There’s no conventional narrative, but a picture starts to build: this is a middle-aged or elderly man from a rural background, who was once a concert pianist (as Vaage himself was). His memory has become so intense that he’s having visions. There’s his childhood self, perennially at the piano. His youthful and professional selves, uncommunicative and inner-directed. And his now-deceased parents. His mum, who left with ‘the other man’, is always travelling or absent. His dad is always on the farm, working – he ‘empties work of work’. I found the narrator’s regrets at not communicating with them, especially with his father, more affecting at every rereading. The straightforward vocabulary and minimal punctuation make the book a speedy read, and that, along with the refusal of the normally expected sentiments, means the emotional surge only impacts belatedly. The narrator’s is not an unremitting loneliness; he mentions a friend (albeit a dead one) and twice addresses a presumed former partner. Nonetheless the piano, with ‘its kisses/ inside the canals of the ear’, becomes the meagre surrogate to romance: ‘The piano opened the door/ […] we emptied into each other/ But emptiness/ is a poor gift between lovers’. 

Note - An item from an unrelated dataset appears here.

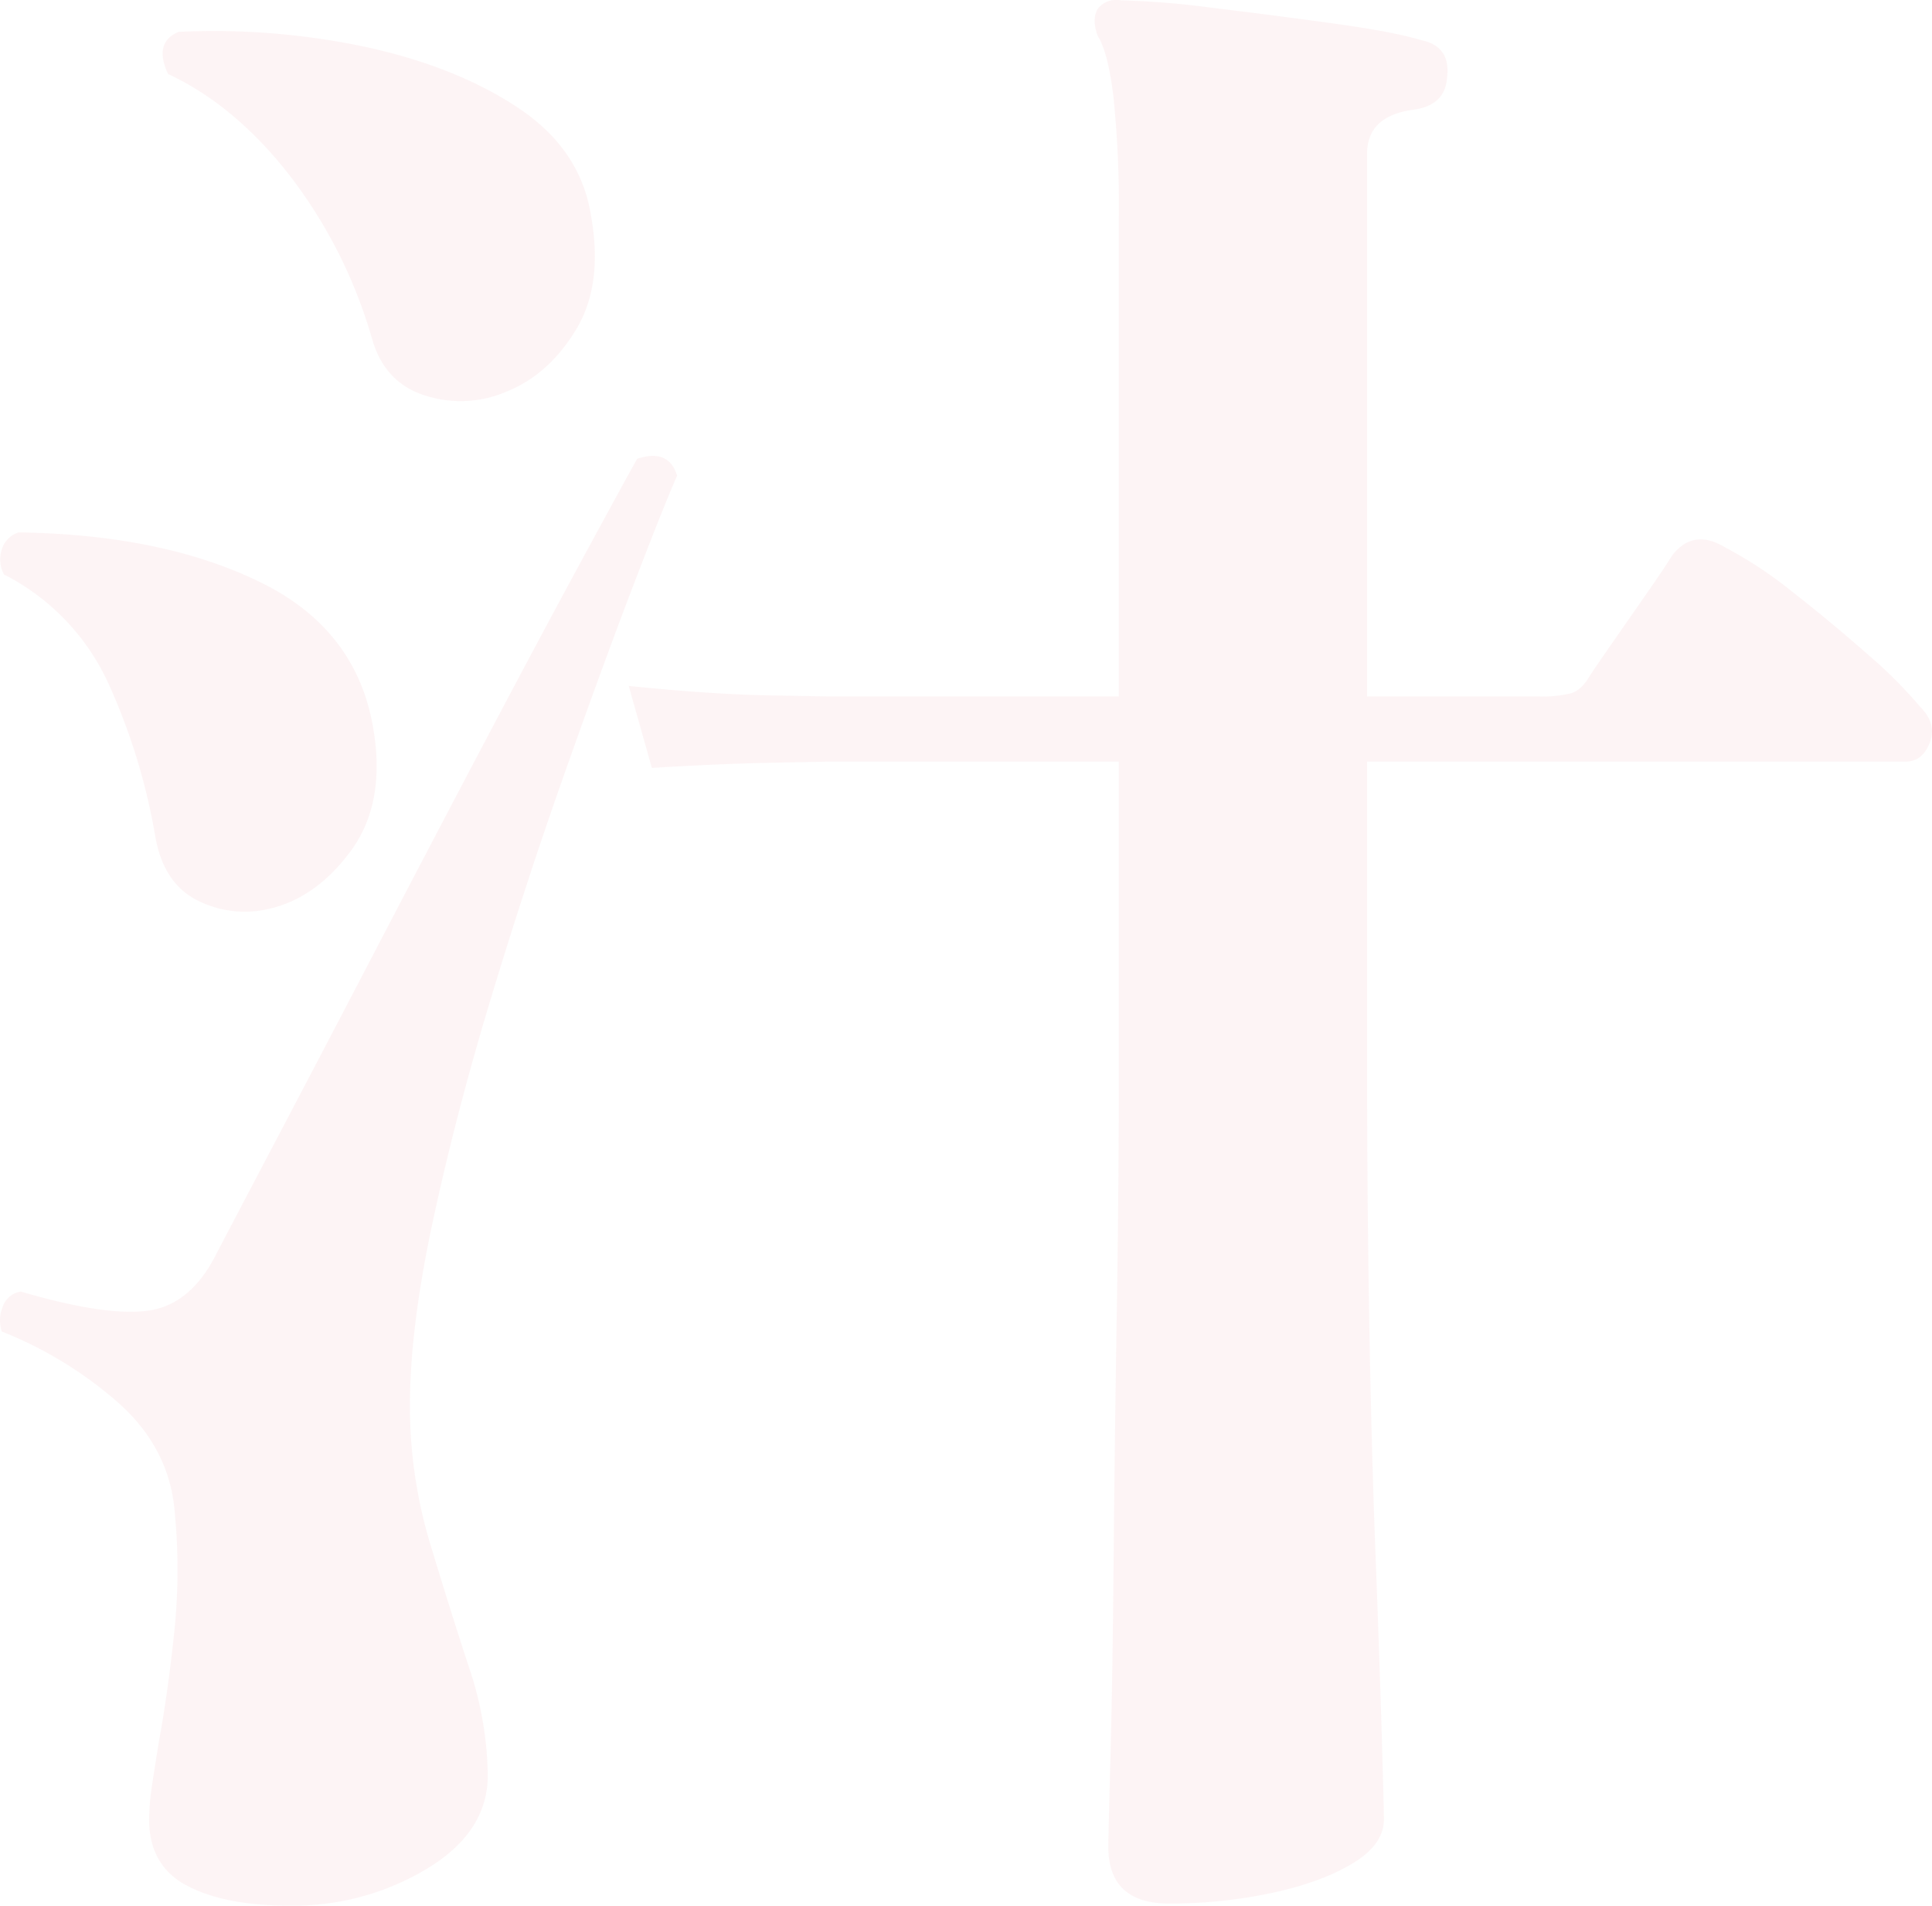 <svg xmlns="http://www.w3.org/2000/svg" width="459.227" height="453.083" viewBox="0 0 459.227 453.083">
  <path id="パス_38" data-name="パス 38" d="M53,36Q38.5,36,38.5,22.5q0-2.5.5-21T39.75-45q.25-28,.75-59t.5-58.5v-73H-28l-13,.25Q-54-235-70-234l-5.5-19.5q19.5,2,33.5,2.25l14,.25H41V-365a255,255,0,0,0-1.25-28.25Q38.5-404,36-408q-1.5-4,0-6.5a5.551,5.551,0,0,1,5.5-2A198.622,198.622,0,0,1,63-414.75Q77.5-413,92-411t21,4q7,1.5,6,9-.5,6.5-8,7.5Q100-389,100-380v129h41a27.947,27.947,0,0,0,7.5-.75q2.5-.75,4.5-4.25,2-3,6-8.75l8-11.5q4-5.75,5.5-8.25,5-6.5,12.5-2a99.837,99.837,0,0,1,16.25,10.75Q210.5-268.5,219-261a108.509,108.509,0,0,1,12.5,12.5q4,4,2.25,8.5T228-235.5H100v73q0,28.5.5,58.75t1.5,56.5q1,26.25,1.5,43.5T104,16q0,6-7.5,10.5t-19.25,7A116.216,116.216,0,0,1,53,36Zm-209,.5q-15.5,0-24.5-4.75t-9-15.75a58.756,58.756,0,0,1,.75-8.5q.75-5,1.75-11,2-11,3.5-25.25a142.945,142.945,0,0,0,0-29.25q-1.5-14.5-13.25-25a94.692,94.692,0,0,0-27.75-17,8.3,8.3,0,0,1,.25-6,5.36,5.36,0,0,1,4.25-3.5q20.5,6,30.5,4.5t16-13.5q5.5-10.5,15.75-30t22.5-43q12.25-23.5,24.5-46.75T-88.5-280q10-18.5,15-27.5,7.5-2.5,9.5,4-3.5,8-10.75,27T-91-232q-9,25.5-17.25,52.75T-122-126.5q-5.5,25.5-5.5,44a112.8,112.8,0,0,0,4.75,32.75Q-118-34-113.5-20.25A83.025,83.025,0,0,1-109,5.5q0,13.5-14.5,22.25A61.674,61.674,0,0,1-156,36.5Zm51.5-360a27.4,27.4,0,0,1-19.25,1q-9.75-3-12.75-13.5A116.194,116.194,0,0,0-156-374.75Q-169-391.5-185-399q-3.5-7.5,2.5-10a173.665,173.665,0,0,1,45.25,3.75q21.25,4.75,35.75,14.5t17,25.25q3,16.5-3.5,27.25T-104.5-323.5Zm-56.5,123a24.87,24.87,0,0,1-17-2q-8-4-10-15a147.806,147.806,0,0,0-11.25-36.75A54.475,54.475,0,0,0-224-280a7.585,7.585,0,0,1-.5-6,6.011,6.011,0,0,1,4-4q34.5.5,57.75,12T-136-242q2.5,17-5.75,28T-161-200.5Z" transform="translate(224.944 416.583)" fill="#d2202a" opacity="0.05"/>
</svg>

The translation looks welcomely unmeddled. Language geeks (unsurprisingly common among poetry fans) will find the original downloadable as an epub from ebok.no or similar, where they can check, for example, whether the glum puns on ‘play’ (the child plays only the piano, not with other children) or ‘autist’ (for ‘artist’) are also there in the Nynorsk. Spotify can let them hear the cadences; a selection has been recorded accompanied by appropriately spooky music. ‘The poems are constantly trying to take us through a door into another world’, wrote Michael Peverett of Vaage’s earlier Outside the Institution. And there are plenty of ghosts and doors here, among ‘sheep and cows so startled/ they had forgotten all they knew’, and the human costs of artistic practice. Certainly this is remarkably distinctive and special writing, which I guess is what we ask from translations: to deliver us stuff that no-one in our own language has done.